Among the entries below, which lines run from the line with "An aerial image. It shows: Railway switch." through the line with "human: [s2_rgb_10]"? Retype those, both ends included, exactly and without pictures.

● ● ● ● ●

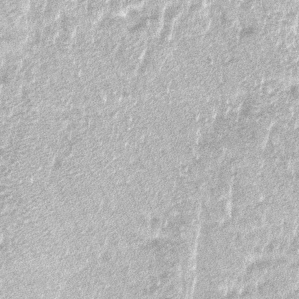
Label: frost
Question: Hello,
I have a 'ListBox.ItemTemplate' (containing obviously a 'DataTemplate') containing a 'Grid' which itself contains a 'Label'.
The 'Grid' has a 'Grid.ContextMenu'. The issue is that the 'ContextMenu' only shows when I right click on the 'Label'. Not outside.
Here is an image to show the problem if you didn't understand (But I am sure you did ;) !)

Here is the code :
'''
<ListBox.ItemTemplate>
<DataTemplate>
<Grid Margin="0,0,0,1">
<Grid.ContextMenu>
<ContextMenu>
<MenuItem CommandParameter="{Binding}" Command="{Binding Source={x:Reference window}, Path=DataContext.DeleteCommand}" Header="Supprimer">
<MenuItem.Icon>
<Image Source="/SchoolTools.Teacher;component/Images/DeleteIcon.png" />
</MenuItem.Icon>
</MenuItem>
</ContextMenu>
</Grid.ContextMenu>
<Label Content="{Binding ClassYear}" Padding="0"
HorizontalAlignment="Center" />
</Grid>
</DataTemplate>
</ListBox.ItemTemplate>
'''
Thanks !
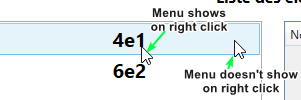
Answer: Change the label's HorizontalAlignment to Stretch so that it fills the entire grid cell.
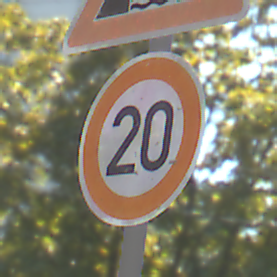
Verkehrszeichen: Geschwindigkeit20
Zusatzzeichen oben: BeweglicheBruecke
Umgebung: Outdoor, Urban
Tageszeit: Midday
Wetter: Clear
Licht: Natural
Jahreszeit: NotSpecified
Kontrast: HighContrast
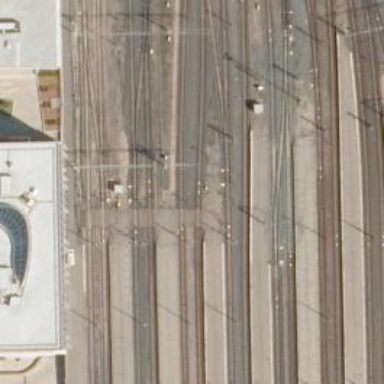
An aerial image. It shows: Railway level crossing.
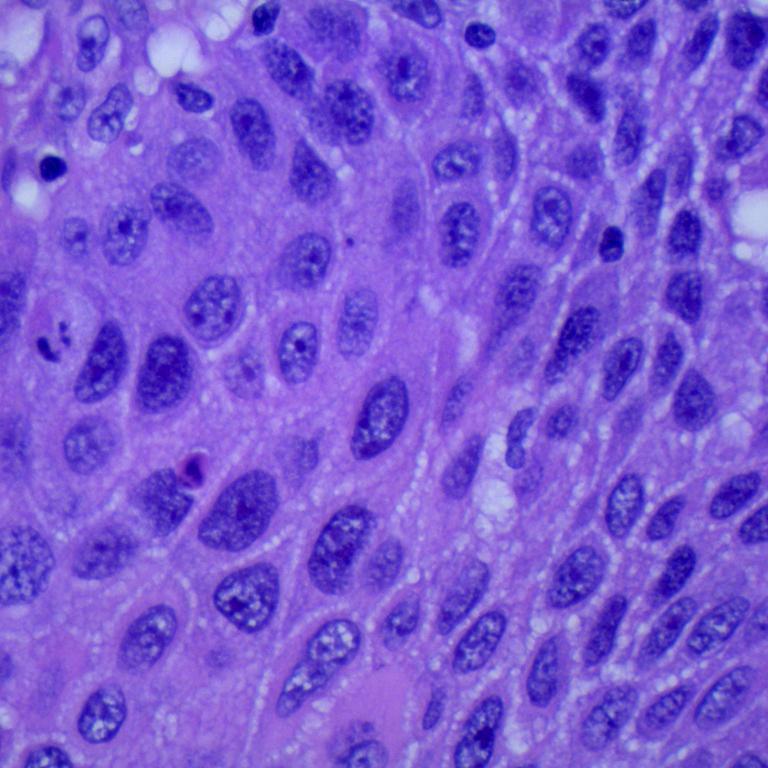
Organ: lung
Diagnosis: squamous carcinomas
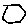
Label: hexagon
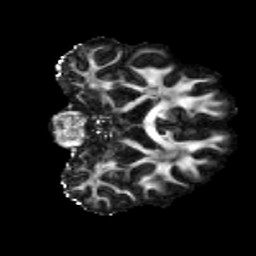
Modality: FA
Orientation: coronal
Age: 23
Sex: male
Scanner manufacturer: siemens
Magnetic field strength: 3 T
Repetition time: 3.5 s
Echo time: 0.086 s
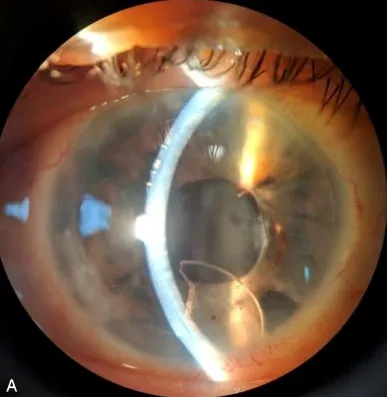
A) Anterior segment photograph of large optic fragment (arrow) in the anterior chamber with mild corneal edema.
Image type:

● ● ● ● ●

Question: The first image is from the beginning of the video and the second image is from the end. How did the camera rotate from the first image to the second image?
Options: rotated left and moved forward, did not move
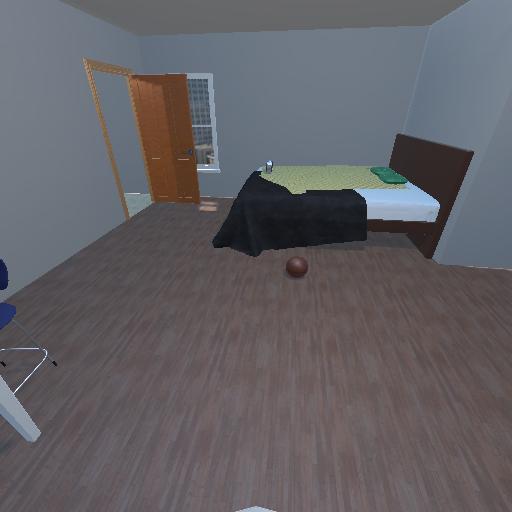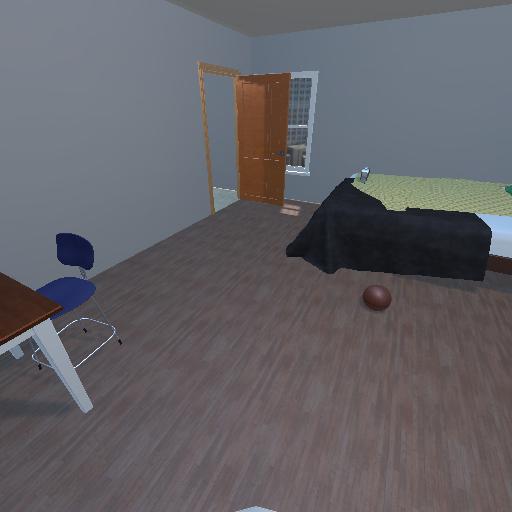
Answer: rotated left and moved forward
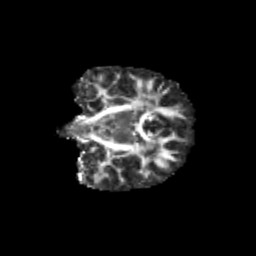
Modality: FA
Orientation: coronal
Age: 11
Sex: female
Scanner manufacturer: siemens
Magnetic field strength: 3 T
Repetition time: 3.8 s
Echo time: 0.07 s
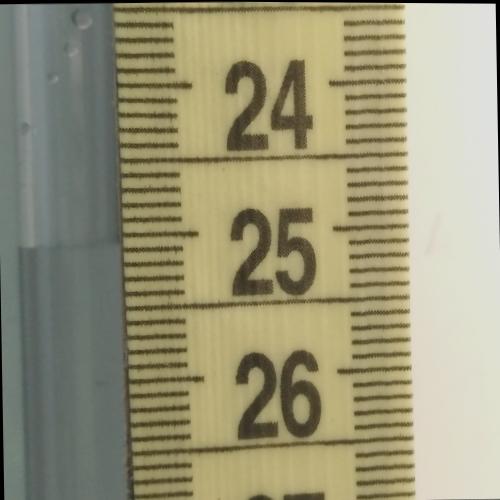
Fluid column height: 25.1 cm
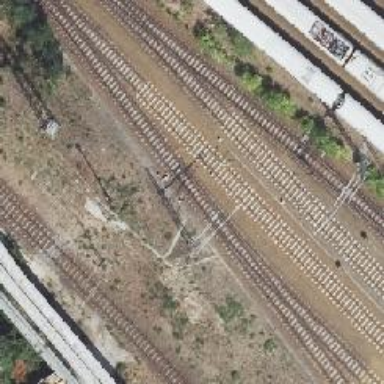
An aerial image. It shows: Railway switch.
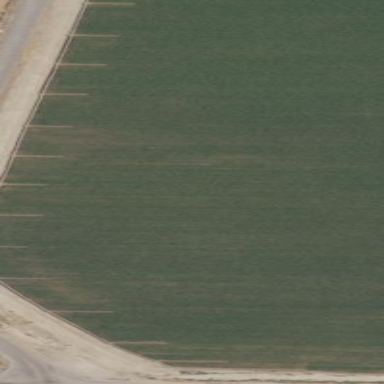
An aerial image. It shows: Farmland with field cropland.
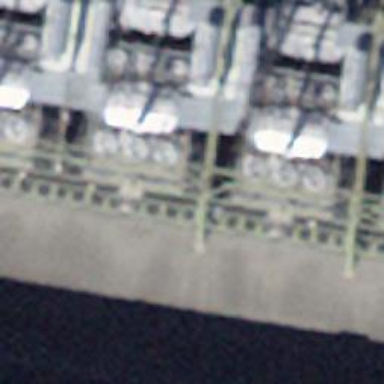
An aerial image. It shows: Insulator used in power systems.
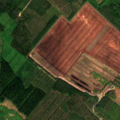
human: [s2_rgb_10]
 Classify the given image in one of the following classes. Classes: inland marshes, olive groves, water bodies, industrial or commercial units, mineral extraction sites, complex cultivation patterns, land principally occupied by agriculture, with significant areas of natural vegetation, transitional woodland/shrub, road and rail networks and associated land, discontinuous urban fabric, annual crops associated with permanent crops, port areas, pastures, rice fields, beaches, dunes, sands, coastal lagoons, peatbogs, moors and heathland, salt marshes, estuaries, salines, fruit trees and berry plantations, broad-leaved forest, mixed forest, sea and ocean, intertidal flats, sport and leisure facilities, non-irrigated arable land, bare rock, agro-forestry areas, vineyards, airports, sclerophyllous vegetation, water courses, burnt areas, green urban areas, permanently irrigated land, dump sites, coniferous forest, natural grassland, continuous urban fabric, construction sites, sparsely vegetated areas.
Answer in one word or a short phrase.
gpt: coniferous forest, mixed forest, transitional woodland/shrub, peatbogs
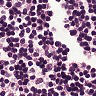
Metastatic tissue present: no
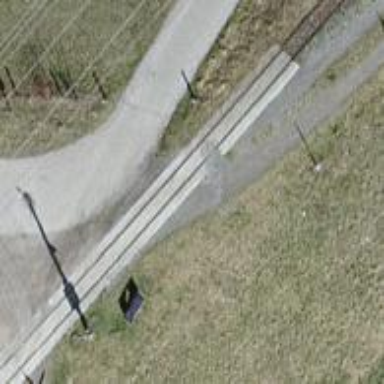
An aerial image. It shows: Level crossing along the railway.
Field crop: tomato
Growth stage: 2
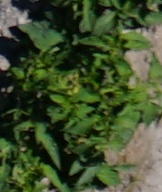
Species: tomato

● ● ● ● ●

- WRITTEN ANSWER -
An aerial image. It shows: Railway switch.
An aerial image. It shows: Farmland with field cropland.
An aerial image. It shows: Insulator used in power systems.
human: [s2_rgb_10]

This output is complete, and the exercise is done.